Whisper to Me



Going out. Client. C U tmw?



I thought of Dad, banning me from seeing her. But he’d be at work from eleven in the morning …



Yeah. Wld have to be daytime tho.



The answer popped right up.



That’s cool. Maston Theater? Matinee of Toy Story.



Toy Story? I replied.



Hey don’t diss Pixar.



OK. What time?





1.


OK. Night, Paris.



Night, Cass.



I put the phone down. I lay down again and reached for the Haruki Murakami book on my nightstand.

“No,” said the voice.

“Oh hi,” I said. “Nice to hear from you. And thank you for waiting till after six p.m. to—”

“No reading.”

I thought of Dr. Lewis. I thought: I have nothing to lose here. “Or what?” I asked.

“Excuse me?”

“If I read my book, what are you going to do about it?”

The voice thought for a moment—this sounded different from when it went away. I can’t explain it. I mean, I could still feel it there. “I will make you cut off one of your toes.”

My toes curled. “How?”

“What?”

“How will you make me do that?”

“I will force you to.”

“No.”

Then the voice screamed at me. That was new. I mean, it was always saying horrible things. But the screaming was different. “Don’t push me! ” it screamed.

“I’m not pushing you.

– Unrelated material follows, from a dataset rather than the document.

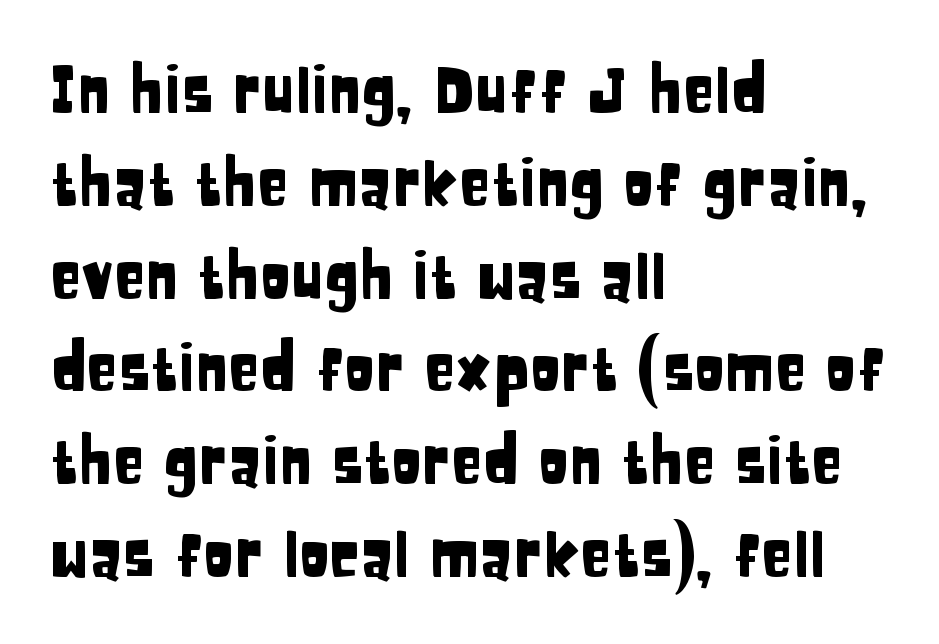
{"serif": "no", "italic": "no", "width": "condensed", "stroke_contrast": "low", "x_height": "large", "monospaced": "no", "underline": "no", "align": "left", "line_spacing": "normal", "line_spacing_ratio": 1.45, "letter_spacing": "normal", "letter_spacing_em": 0.0, "glyph_px": 64}

I’m just saying no.”

“Go to the kitchen this instant. Tell your dad you’re getting a glass of water. Take a bread knife, and come back up here. Then cut off your pinky toe on your left foot. Do it right now.”

“Or what?”

“What do you mean, or what?”

“I mean, if I don’t cut off my toe, what are you going to do about it?”

The voice thought. “I’m going to kill your father. No more injuries. No more minor ****. You don’t cut off your toe, your dad dies. Okay?”

You can’t imagine how scared I was. My eyes were filling with tears. It was dark out; my room was gloomy with shadows. I flicked on my bedside lamp. But that only made it worse. Now my clothes hanging on the door handle, my posters, my shelves, cast weird shapes on the walls and floor.

“I won’t do it,” I said.

“Then you will wake up in the morning and your father will be dead.”

I said nothing.

“He will die. Do you understand? I will kill him in his sleep. I will smother him until he stops breathing and his body is cold and dead.”

I said nothing.

“Get the bread knife. Now.”

“No.”

“Last chance, Cass.”

“No.”

The voice sighed. “He dies, then,” it said.

And then it did go. I felt it withdraw from the room.

From my head.





The voice didn’t speak then, but my mind was unquiet. You get that word in old gothic novels, don’t you? Unquiet ghosts and so on.

That was my mind that night. My thoughts just raced around, like ghosts in a haunted house, unstoppable.

What if your dad dies because of you?

How selfish are you?

You really want to kill another parent?

Sometimes they were words, like that, and sometimes they were images. Scenes, flashing in and out of my consciousness.

Tiles.

Blood.

The house was mostly wood and I could hear it expanding or contracting or whatever houses do at night when they cool down. Outside, there was a strong wind coming from the ocean. I could smell it through the cracks of my windows, salty and holding the promise of distance and forgetting—a promise I wished it would make good on. I wished that wind would sweep into my head and rinse it clean, whistle through the cavities of my skull until there was nothing there but emptiness, and silence.

But the wind didn’t do that, and the voice was still in my head. “He’s going to die, he’s going to die, he’s going to die, he’s going to die like a dog on the ground, like your mother. It’s going to be your fault.”

The voice was everywhere. It was speaking, in my ears, as a voice, but it was merging with everything else too. The creaking and clicking and ticking of the house were all consonants, the wind outside was all vowels, and together the house and the wind were saying,

Your dad is going to die.

In the end I couldn’t stand it anymore, and I got some old headphones out of my nightstand—I had to dig under the piles of medication that I hadn’t been taking; archaeology. I plugged them into my radio and tuned it to a dead channel again, the way I used to block out the voice.